Ce phénomène touche-t-il toutes les générations ou les jeunes sont-ils les seuls concernés ? Faut-il y voir un optimisme particulier des jeunes générations relativement à leurs aînés ? 

Le phénomène touche dans sa majorité un public jeune. La raison principale s'explique par les sonorités pop soul du titre, auxquelles la jeunesse peut facilement s'identifier. De plus, Pharell Williams est une star habituée des charts qui touche plus particulièrement les 15-25 ans. Il faut garder à l'esprit que la chanson Happy est un titre de la BO du film "Moi moche et méchant 2" mais également le single promotionnel de son album "Girl".

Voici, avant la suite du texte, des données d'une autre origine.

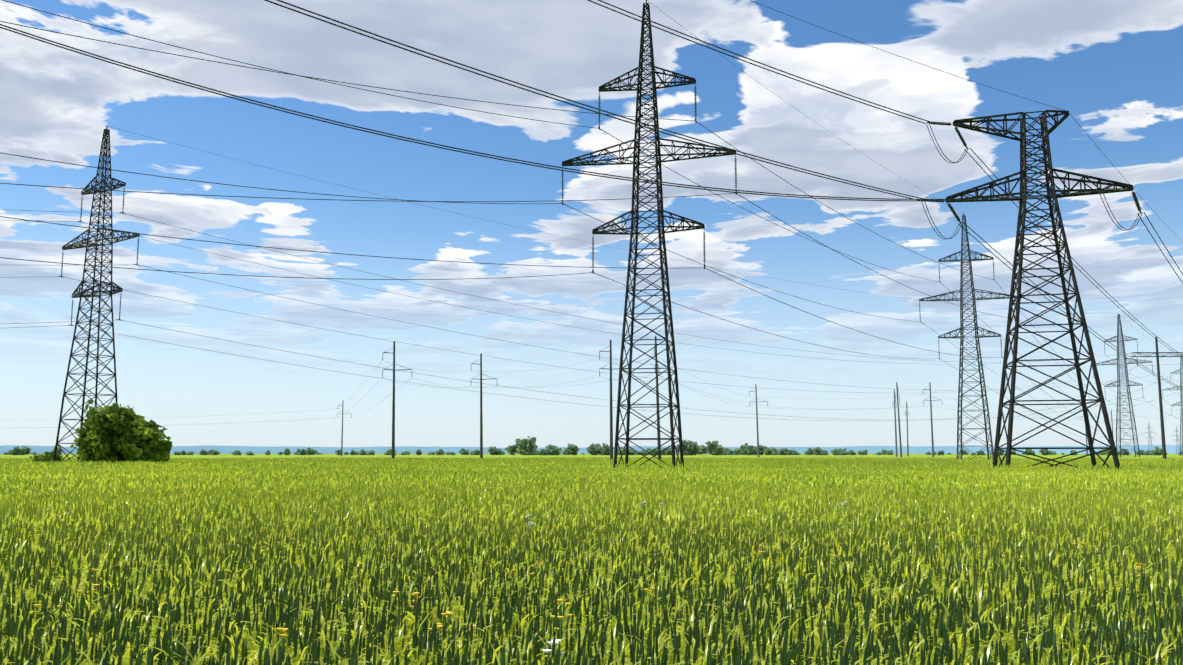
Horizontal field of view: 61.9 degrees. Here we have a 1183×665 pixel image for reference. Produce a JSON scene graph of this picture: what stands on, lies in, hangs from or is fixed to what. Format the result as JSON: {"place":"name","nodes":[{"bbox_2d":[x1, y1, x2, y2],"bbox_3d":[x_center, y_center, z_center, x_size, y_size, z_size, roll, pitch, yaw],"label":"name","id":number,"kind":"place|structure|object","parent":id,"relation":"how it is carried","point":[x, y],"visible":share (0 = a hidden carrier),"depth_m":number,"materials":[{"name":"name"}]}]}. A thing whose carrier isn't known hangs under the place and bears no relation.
{"place":"outdoors","nodes":[
{"label":"outdoors","id":0,"kind":"place"},
{"bbox_2d":[1,460,1178,664],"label":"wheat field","id":1,"kind":"structure","parent":0,"point":[613,477],"depth_m":60.17,"materials":[{"name":"green plant"}]},
{"bbox_2d":[30,450,64,464],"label":"shrub","id":2,"kind":"object","parent":1,"relation":"on","point":[42,458],"visible":0.4,"depth_m":119.62,"materials":[{"name":"green plant"}]},
{"bbox_2d":[70,399,173,465],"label":"bush","id":3,"kind":"object","parent":1,"relation":"on","point":[118,433],"visible":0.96,"depth_m":112.11,"materials":[{"name":"green plant"}]},
{"bbox_2d":[33,472,1180,664],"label":"wildflowers","id":4,"kind":"object","parent":1,"relation":"on","point":[415,594],"visible":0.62,"depth_m":6.70,"materials":[{"name":"green plant"}]},
{"bbox_2d":[599,340,628,458],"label":"pole","id":5,"kind":"object","parent":1,"relation":"on","point":[611,432],"visible":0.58,"depth_m":174.62,"materials":[{"name":"concrete"}]},
{"bbox_2d":[0,445,1181,453],"bbox_3d":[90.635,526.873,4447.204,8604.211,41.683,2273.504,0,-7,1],"label":"ridge hill","id":6,"kind":"structure","parent":0,"point":[1171,449],"depth_m":4905.38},
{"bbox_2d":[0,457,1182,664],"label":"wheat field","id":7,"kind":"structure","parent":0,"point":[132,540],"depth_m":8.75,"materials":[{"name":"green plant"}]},
{"bbox_2d":[0,454,1182,460],"bbox_3d":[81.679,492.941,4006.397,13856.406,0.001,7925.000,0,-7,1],"label":"far wheat canopy field","id":8,"kind":"structure","parent":0,"point":[509,456],"depth_m":339.73,"materials":[{"name":"green plant"}]},
{"bbox_2d":[0,0,1182,447],"label":"sky","id":9,"kind":"structure","parent":0,"point":[1116,66],"materials":[{"name":"blue"}]},
{"label":"field","id":10,"kind":"structure","parent":0,"visible":0},
{"bbox_2d":[53,126,139,464],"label":"pylon","id":11,"kind":"object","parent":10,"relation":"on","point":[81,294],"visible":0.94,"depth_m":120.66,"materials":[{"name":"metal"}]},
{"bbox_2d":[337,403,351,455],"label":"pole","id":12,"kind":"object","parent":10,"relation":"on","point":[342,428],"visible":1,"depth_m":373.04,"materials":[{"name":"grey concrete"}]},
{"bbox_2d":[471,353,496,458],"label":"pole","id":13,"kind":"object","parent":10,"relation":"on","point":[481,431],"visible":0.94,"depth_m":198.99,"materials":[{"name":"concrete"}]},
{"bbox_2d":[0,0,1182,471],"bbox_3d":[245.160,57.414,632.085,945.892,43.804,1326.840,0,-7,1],"label":"pylon","id":14,"kind":"object","parent":10,"relation":"on","point":[1022,194],"visible":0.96,"depth_m":74.97,"materials":[{"name":"metal"}]},
{"bbox_2d":[0,436,1182,454],"bbox_3d":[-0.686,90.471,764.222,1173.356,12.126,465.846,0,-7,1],"label":"treeline trunks","id":15,"kind":"object","parent":10,"relation":"on","point":[524,446],"visible":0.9,"depth_m":626.20,"materials":[{"name":"plant"}]},
{"bbox_2d":[561,0,737,468],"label":"pylon","id":16,"kind":"object","parent":10,"relation":"on","point":[660,211],"visible":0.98,"depth_m":87.83,"materials":[{"name":"metal"}]},
{"bbox_2d":[654,336,660,459],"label":"pole","id":17,"kind":"object","parent":10,"relation":"on","point":[658,414],"visible":0.85,"depth_m":169.22,"materials":[{"name":"concrete"}]},
{"bbox_2d":[749,384,767,456],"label":"pole","id":18,"kind":"object","parent":10,"relation":"on","point":[756,398],"visible":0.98,"depth_m":287.25,"materials":[{"name":"grey concrete"}]},
{"bbox_2d":[893,389,897,456],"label":"pole","id":19,"kind":"object","parent":10,"relation":"on","point":[895,424],"visible":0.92,"depth_m":309.04,"materials":[{"name":"grey concrete"}]},
{"bbox_2d":[895,382,901,456],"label":"pole","id":20,"kind":"object","parent":10,"relation":"on","point":[897,395],"visible":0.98,"depth_m":279.00,"materials":[{"name":"grey concrete"}]},
{"bbox_2d":[905,401,908,455],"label":"pole","id":21,"kind":"object","parent":10,"relation":"on","point":[906,412],"visible":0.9,"depth_m":380.85,"materials":[{"name":"grey concrete"}]},
{"bbox_2d":[923,382,939,456],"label":"pole","id":22,"kind":"object","parent":10,"relation":"on","point":[929,386],"visible":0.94,"depth_m":278.90,"materials":[{"name":"grey concrete"}]},
{"bbox_2d":[919,213,1016,459],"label":"pylon","id":23,"kind":"object","parent":10,"relation":"on","point":[961,329],"visible":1,"depth_m":168.11,"materials":[{"name":"grey metal"}]},
{"bbox_2d":[1080,408,1092,454],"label":"pole","id":24,"kind":"object","parent":10,"relation":"on","point":[1086,437],"visible":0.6,"depth_m":398.76,"materials":[{"name":"grey concrete"}]},
{"bbox_2d":[1093,313,1152,456],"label":"pylon","id":25,"kind":"object","parent":10,"relation":"on","point":[1119,325],"visible":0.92,"depth_m":289.11,"materials":[{"name":"grey metal"}]},
{"bbox_2d":[1145,422,1156,449],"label":"pylon","id":26,"kind":"object","parent":10,"relation":"on","point":[1149,434],"visible":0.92,"depth_m":1279.47,"materials":[{"name":"grey metal"}]},
{"bbox_2d":[1131,337,1182,458],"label":"utility pole","id":27,"kind":"object","parent":10,"relation":"on","point":[1157,356],"visible":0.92,"depth_m":170.57,"materials":[{"name":"concrete"}]},
{"bbox_2d":[1162,354,1182,455],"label":"pylon","id":28,"kind":"object","parent":10,"relation":"on","point":[1181,397],"visible":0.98,"depth_m":406.76,"materials":[{"name":"grey metal"}]},
{"bbox_2d":[1172,426,1181,453],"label":"pylon","id":29,"kind":"object","parent":10,"relation":"on","point":[1177,445],"visible":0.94,"depth_m":1474.03,"materials":[{"name":"grey metal"}]}
]}

La France est l'un des pays qui a produit le plus de vidéos selon les nantais Julie Fersing et Loïc Fontaine à l'initiative du clip Happy et du site qui lui est dédié.  Les enquêtes menées par les sociologues Cécile Van de Velde et Camille Peugny nous livrent un autoportrait de la jeunesse française alarmant. Dans un article du monde.fr , "interrogés sur leur devenir personnel, les jeunes répondants sont près des deux tiers à se déclarerplutôt ou très optimistes. En revanche, le regard qu'ils portent sur le destin de leur génération est extrêmement sombre. Vingt ans n'est pas le plus bel âge de la vie, pensent-ils majoritairement (à 51 %). Les mots-clés librement choisis pour définir leur génération sont édifiants : "sacrifiée", "perdue". Et encore (après "Y", "Internet", "connectée"), "désabusée", "désenchantée", "galère"

La génération "Happy"  en France affiche un optimisme modéré qui masque la réalité d'une peur d'un avenir assombri par la crise économique, sociale et culturelle puis d'une montée des populismes que n'ont pas connu leurs aînés.

Le phénomène est-il le même aux Etat-Unis ? 

Le mouvement s'est quelque peu tarit en Europe mais d'autres parties du globe comme les Etats-Unis, pays d'origine de la chanson, ont pris le relais. Toutefois le phénomène est moins significatif outre-atlantique qu'en Chine ou dans les pays du Maghreb.

En période de crise, la culture populaire peut-elle jouer un rôle d’exutoire ? 

La culture populaire se nourrit de la crise. Elle apparaît désormais dans les industries culturelles et créatives comme la musique, le cinéma, la littérature, les séries télévisées ainsi que dans les films d'animation pour enfants. Pour reprendre les propos de David Niyonzima, expert au sein du Trauma Healing and Reconciliation Services (THARS),

"Quand les gens chantent, livrent des contes… ils extériorisent leur vécu. C’est une façon de dire la vérité sans blesser personne. Et cela permet de connaître la vérité sur le passé. Si c’est bien organisé, tout ce qui est culturel joue un rôle important dans la réconciliation."

La culture populaire, en plus de jouer son rôle d'exutoire, propose des solutions alternatives à la crise économique,  en adressant par ses oeuvres un message aux politiques qu'elle juge responsables du sort des citoyens.